Could you restate all of the records exactly, leaving out the pictures?

[Stored dataset items]
_ _ _

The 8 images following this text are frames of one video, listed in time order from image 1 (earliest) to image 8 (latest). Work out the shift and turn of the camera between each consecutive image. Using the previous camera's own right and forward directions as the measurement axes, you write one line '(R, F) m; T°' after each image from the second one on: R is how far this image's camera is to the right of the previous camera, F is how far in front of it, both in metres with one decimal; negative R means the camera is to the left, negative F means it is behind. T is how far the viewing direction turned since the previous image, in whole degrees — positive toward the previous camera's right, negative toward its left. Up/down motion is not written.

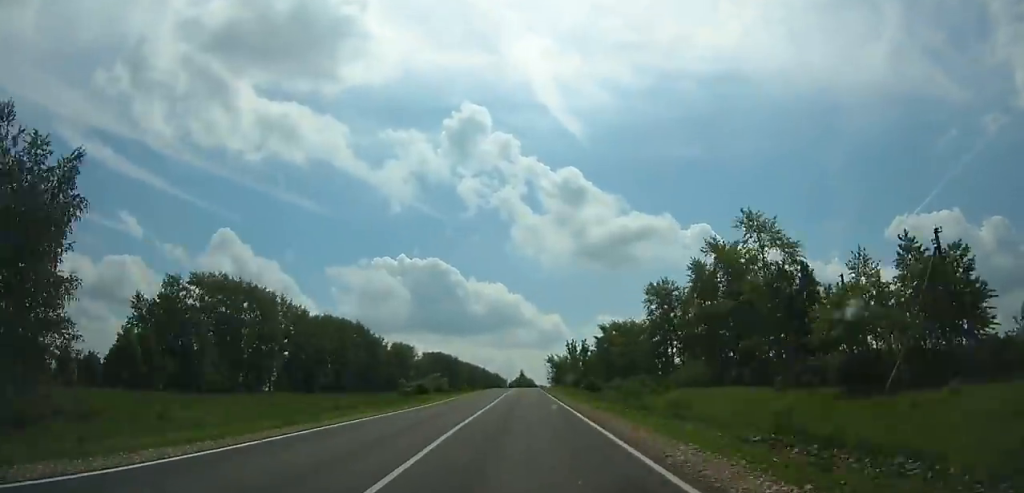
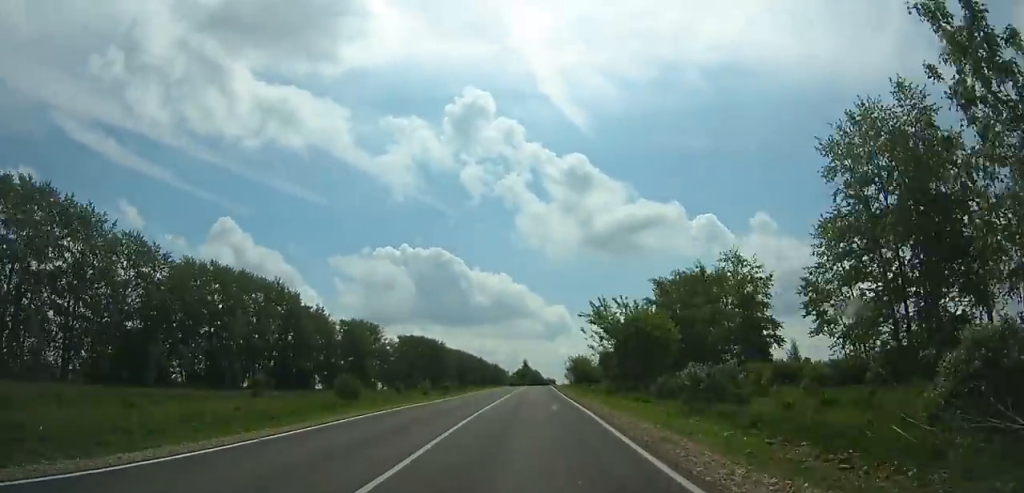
(+0.3, +73.3) m; 0°
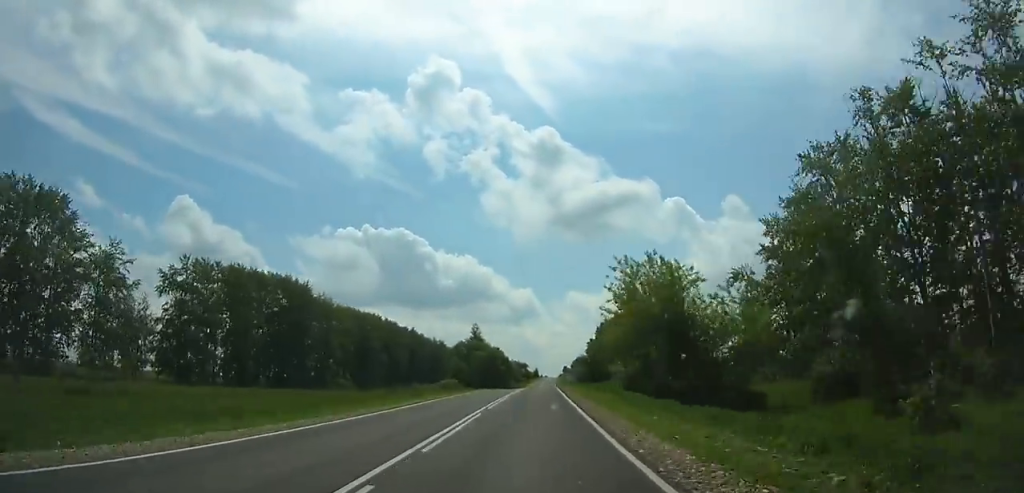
(+1.7, +138.6) m; +3°
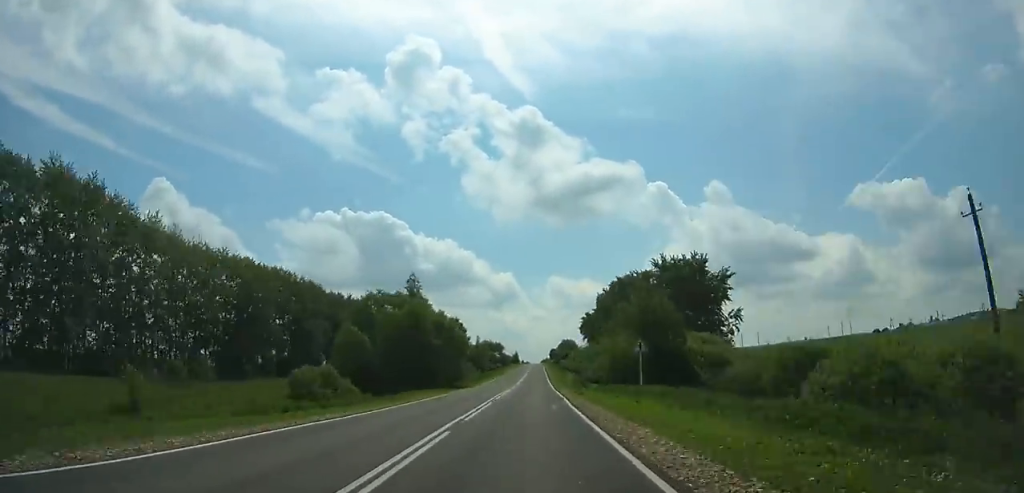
(+1.4, +68.9) m; +1°
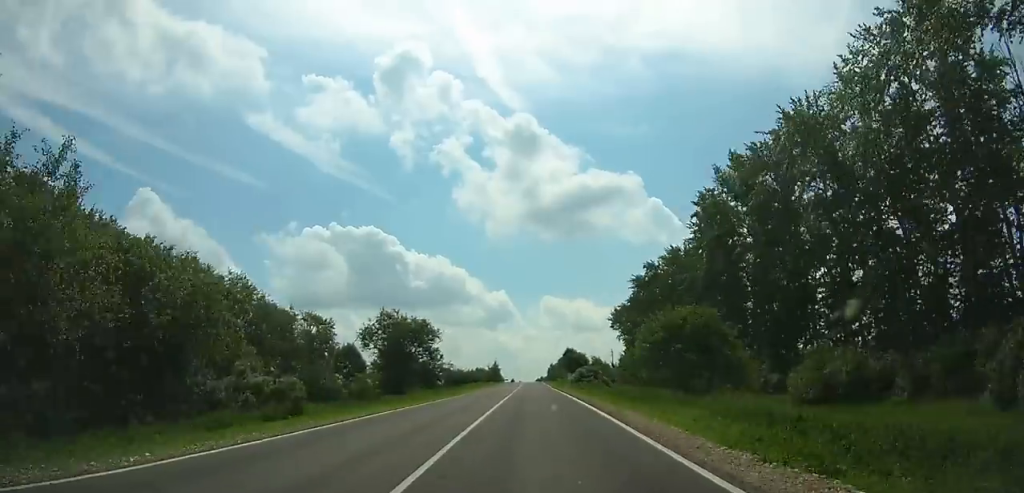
(+1.5, +121.5) m; +1°
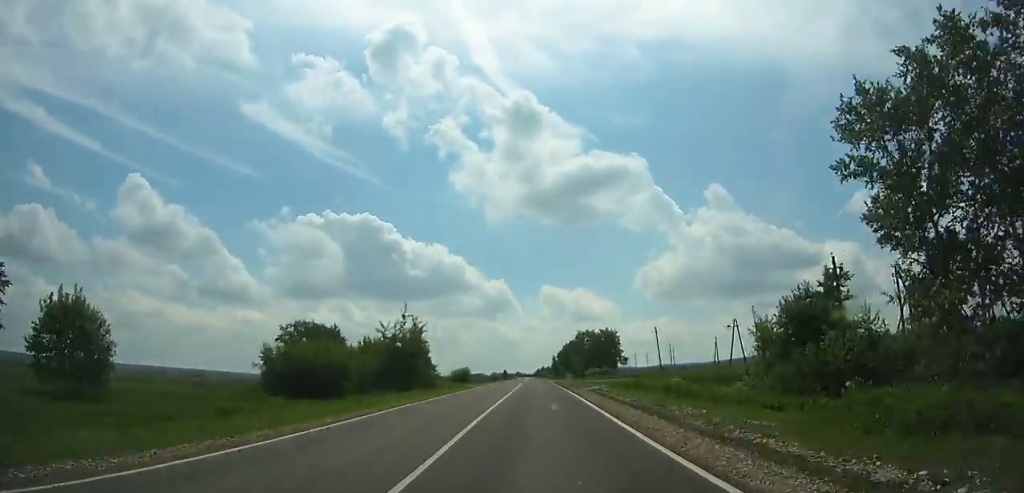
(+0.6, +117.0) m; 0°
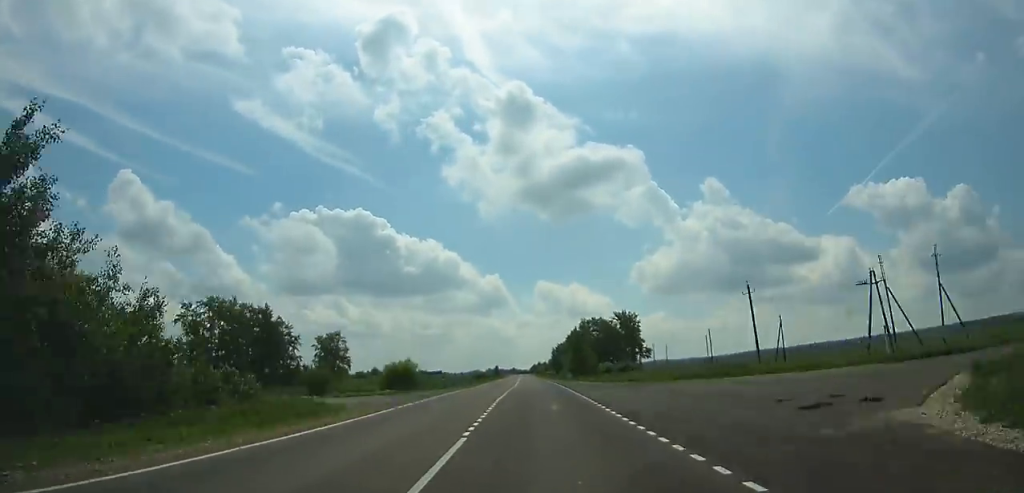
(-0.1, +44.6) m; 0°
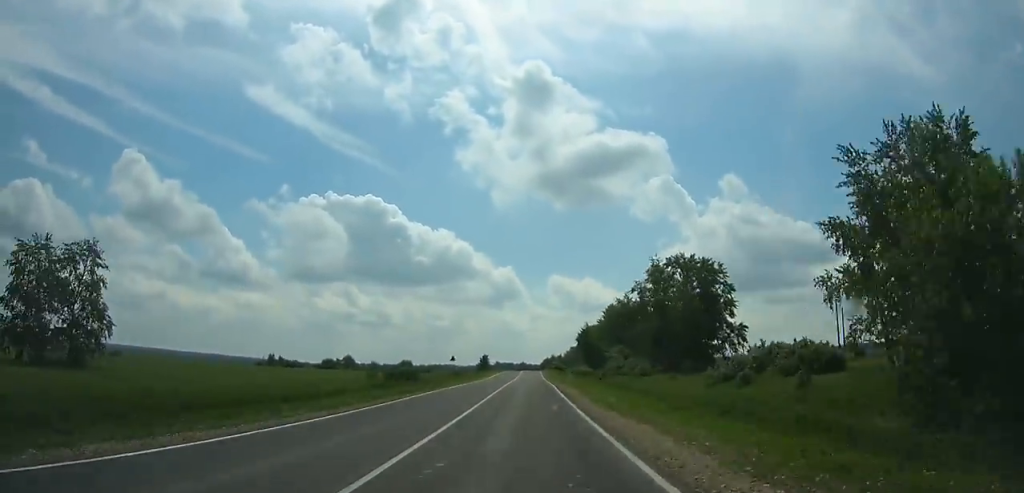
(0.0, +117.0) m; 0°

_ _ _

> [RESPONSE BOX]
The 8 images following this text are frames of one video, listed in time order from image 1 (earliest) to image 8 (latest). Work out the shift and turn of the camera between each consecutive image. Using the previous camera's own right and forward directions as the measurement axes, you write one line '(R, F) m; T°' after each image from the second one on: R is how far this image's camera is to the right of the previous camera, F is how far in front of it, both in metres with one decimal; negative R means the camera is to the left, negative F means it is behind. T is how far the viewing direction turned since the previous image, in whole degrees — positive toward the previous camera's right, negative toward its left. Up/down motion is not written.

(+0.3, +73.3) m; 0°
(+1.7, +138.6) m; +3°
(+1.4, +68.9) m; +1°
(+1.5, +121.5) m; +1°
(+0.6, +117.0) m; 0°
(-0.1, +44.6) m; 0°
(0.0, +117.0) m; 0°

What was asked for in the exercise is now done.